Осмотр стен и башен продолжался почти до темноты, и, когда воевода отпустил всех по домам, на крепостных стенах уже зажигали факелы.
В церквах началась вечерняя служба. Проходя мимо раскрытых дверей Успенского собора, главного городского храма, Михаил и Григорий услышали стройное пение хора. В полутьме трепетали сотни крохотных огоньков, точно души собравшихся там людей дрожали в тревоге перед наступлением тяжкого испытания.
Шеин осенил себя крестом, шагнул через порог, взглядом позвав за собою Григория.
– Хоть оно и грех – не к самому началу службы быть.
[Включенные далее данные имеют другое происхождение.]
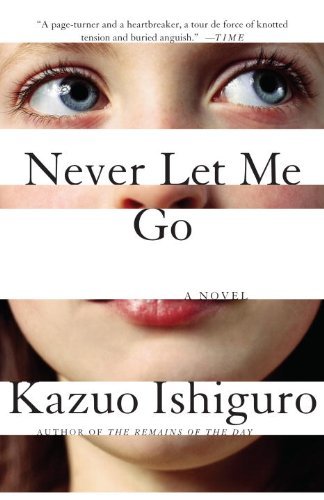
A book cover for Never Let Me Go; Kazuo Ishiguro; Mystery, Thriller & Suspense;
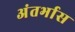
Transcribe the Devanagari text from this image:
अंतर्भास
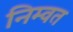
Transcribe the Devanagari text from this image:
निम्वत
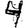
Digit: 4
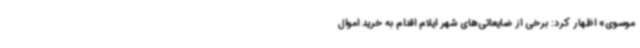
موسوی» اظهار کرد: برخی از ضایعاتی‌های شهر ایلام اقدام به خرید اموال
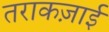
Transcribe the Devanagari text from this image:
तराकज़ाई
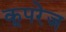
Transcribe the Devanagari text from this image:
कूपरेज
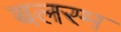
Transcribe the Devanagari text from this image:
बलरम
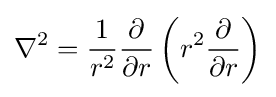
\nabla ^{2}={1 \over r^{2}}{\partial  \over \partial r}\left(r^{2}{\partial  \over \partial r}\right)
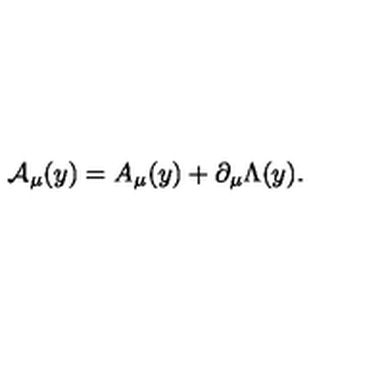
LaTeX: { \cal A } _ { \mu } ( y ) = A _ { \mu } ( y ) + \partial _ { \mu } \Lambda ( y ) .
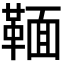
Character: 𩋠
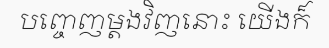
បញ្ចេញម្តងវិញនោះ យើងក៏
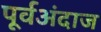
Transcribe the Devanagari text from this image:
पूर्वअंदाज
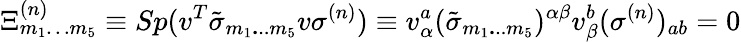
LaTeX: \Xi_{{m}_{{1}}\ldots{m}_{{5}}}^{{(n)}}\equiv Sp(v^{{T}}\tilde{\sigma}_{{m}_{{1}}{\mathbf...}{m}_{{5}}}v\sigma^{{(n)}})\equiv v_{\alpha}^{{a}}(\tilde{\sigma}_{{m}_{{1}}{\mathbf...}{m}_{{5}}})^{\alpha\beta}v_{\beta}^{{b}}(\sigma^{{(n)}})_{{ab}}=0
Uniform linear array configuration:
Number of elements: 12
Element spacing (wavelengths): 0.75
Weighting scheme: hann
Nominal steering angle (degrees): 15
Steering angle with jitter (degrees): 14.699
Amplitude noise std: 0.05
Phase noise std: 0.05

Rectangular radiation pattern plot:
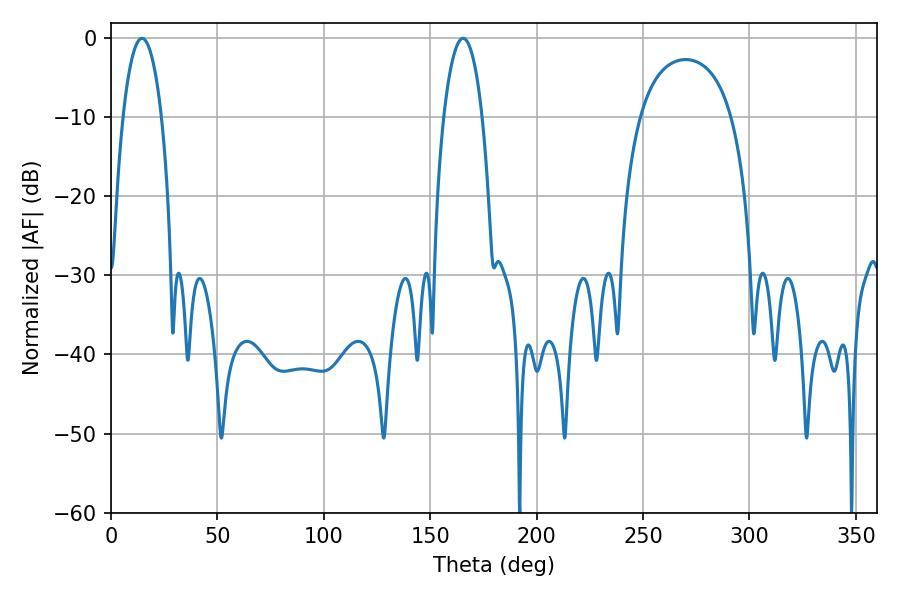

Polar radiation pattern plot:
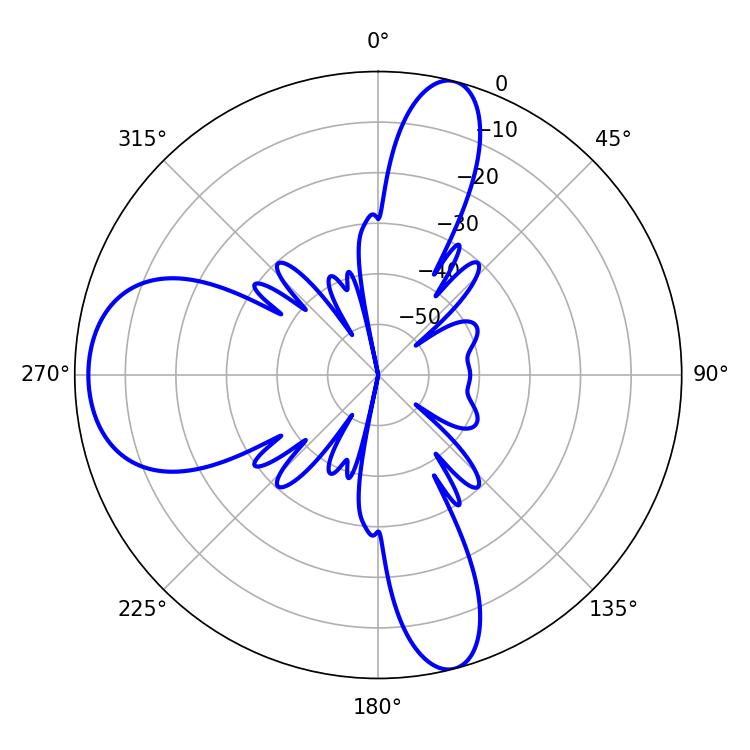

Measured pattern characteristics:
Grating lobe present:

Поглядят, скажут: загордился, сильно важен стал!.. Поверишь ли, уж неделю как службу не стоял, не причащался.
Кто-то из молящихся и впрямь поглядел на них, пролетел шепоток: «Воевода! Воевода…» Смоляне знали о предстоящем ужасном событии – гибели городского посада. В общем молчании иногда слышался приглушенный женский плач. Но едва начинал петь церковный хор, как все прочие звуки тонули и исчезали – всем казалось, что еще никогда Всенощная не звучала так возвышенно.
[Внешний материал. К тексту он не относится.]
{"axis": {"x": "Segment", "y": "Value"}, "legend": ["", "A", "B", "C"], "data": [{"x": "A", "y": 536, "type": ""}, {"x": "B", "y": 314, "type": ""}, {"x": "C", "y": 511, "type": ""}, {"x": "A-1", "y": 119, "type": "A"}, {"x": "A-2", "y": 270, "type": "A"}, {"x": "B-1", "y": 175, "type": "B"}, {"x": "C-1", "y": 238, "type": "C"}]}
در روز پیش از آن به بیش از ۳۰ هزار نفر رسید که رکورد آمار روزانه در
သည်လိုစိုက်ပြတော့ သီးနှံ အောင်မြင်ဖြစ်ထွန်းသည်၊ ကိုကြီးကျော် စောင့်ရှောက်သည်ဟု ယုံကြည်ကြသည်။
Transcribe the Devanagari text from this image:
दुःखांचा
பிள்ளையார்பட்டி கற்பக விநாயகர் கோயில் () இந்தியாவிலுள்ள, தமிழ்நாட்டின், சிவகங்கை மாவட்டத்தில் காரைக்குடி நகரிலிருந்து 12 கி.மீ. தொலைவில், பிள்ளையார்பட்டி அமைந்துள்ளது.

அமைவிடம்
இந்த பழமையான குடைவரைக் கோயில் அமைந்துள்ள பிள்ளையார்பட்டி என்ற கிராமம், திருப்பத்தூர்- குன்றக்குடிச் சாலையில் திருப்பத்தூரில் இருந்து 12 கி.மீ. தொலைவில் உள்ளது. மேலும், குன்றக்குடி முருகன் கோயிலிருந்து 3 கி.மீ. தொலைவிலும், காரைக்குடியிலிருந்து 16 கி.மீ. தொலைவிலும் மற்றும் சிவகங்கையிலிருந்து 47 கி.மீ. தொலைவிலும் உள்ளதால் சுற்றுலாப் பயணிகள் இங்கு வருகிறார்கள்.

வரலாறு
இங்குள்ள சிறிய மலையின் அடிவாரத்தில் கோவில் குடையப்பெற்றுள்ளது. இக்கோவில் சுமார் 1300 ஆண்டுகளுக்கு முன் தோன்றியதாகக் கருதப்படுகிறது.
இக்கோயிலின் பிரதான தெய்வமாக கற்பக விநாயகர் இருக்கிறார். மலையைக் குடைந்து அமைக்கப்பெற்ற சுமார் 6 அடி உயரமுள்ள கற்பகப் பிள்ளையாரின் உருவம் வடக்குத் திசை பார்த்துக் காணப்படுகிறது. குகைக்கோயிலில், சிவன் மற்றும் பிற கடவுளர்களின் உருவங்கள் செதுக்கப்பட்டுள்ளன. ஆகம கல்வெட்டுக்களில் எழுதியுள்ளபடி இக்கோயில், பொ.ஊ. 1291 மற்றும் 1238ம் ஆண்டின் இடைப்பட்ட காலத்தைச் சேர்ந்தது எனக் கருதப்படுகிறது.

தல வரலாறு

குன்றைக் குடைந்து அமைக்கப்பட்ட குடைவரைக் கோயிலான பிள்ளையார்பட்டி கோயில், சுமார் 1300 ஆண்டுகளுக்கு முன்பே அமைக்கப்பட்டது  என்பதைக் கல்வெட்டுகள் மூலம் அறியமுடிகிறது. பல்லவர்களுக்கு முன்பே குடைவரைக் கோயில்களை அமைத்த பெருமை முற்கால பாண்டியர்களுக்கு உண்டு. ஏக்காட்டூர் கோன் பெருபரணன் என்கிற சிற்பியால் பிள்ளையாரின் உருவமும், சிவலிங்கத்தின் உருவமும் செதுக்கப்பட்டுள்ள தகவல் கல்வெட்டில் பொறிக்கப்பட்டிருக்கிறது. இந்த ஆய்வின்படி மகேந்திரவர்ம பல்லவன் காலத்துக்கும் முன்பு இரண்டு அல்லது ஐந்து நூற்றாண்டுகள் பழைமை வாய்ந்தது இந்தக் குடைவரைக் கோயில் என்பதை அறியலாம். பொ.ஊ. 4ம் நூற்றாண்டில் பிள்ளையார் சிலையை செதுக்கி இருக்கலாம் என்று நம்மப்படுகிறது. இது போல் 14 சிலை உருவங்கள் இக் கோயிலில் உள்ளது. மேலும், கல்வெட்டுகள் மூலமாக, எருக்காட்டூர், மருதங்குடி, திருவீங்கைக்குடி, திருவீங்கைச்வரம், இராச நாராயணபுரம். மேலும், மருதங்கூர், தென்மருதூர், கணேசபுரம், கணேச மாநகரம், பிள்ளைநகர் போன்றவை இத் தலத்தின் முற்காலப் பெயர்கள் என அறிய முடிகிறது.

Григорий узнал в золотом проеме царских врат статную фигуру архиерея. Это был архиепископ Смоленский владыко Сергий.
Архиепископ был красив. Крупный прямой нос, глубоко посаженные серо-голубые глаза с постоянным прищуром, красиво изогнутые брови и открытый лоб, который обнажался, когда по ходу богослужения иерарх снимал митру. Черты его лица, обрамленного седой не по возрасту, пушистой бородой, находились в приятном равновесии. Лицо его светилось покоем. В архиепископе чувствовалась физическая выносливость, возникшая от ежедневной многочасовой работы и опять-таки многочасовой молитвы, когда многократно следующие земные поклоны сменяются долгим стоянием перед образами. Походка у него была монашеская – ни сурова, ни ленива.
Общему облику соответствовал и голос Сергия – сильный, глубокий, он был вместе с тем удивительно теплым: в нем звучали доброта и грусть.
– Хорош наш архиерей! – не удержавшись, шепнул Григорий Михаилу.
Воевода чуть приметно улыбнулся и тоже наклонился к уху своего спутника:
– Катерина, племянница моя, говаривала, будто многие смоленские боярышни от владыки Сергия без ума. И даже говорят об том вслух!.. А еще слышал, будто он той зимой на лыжах с горки катался. Но это, верно, врут… Владыку есть за что полюбить – и не одним красным девицам: умен он и душою крепок. Я на его помощь очень надеюсь.
Служба подошла к концу, пожилой священник в боковом приделе закончил исповедовать тех, кто наутро собрался идти к причастию – таковых было много. Толпа прихожан, увидав, что владыка Сергий остался на амвоне один, придвинулась ближе. Сделалось совсем тихо.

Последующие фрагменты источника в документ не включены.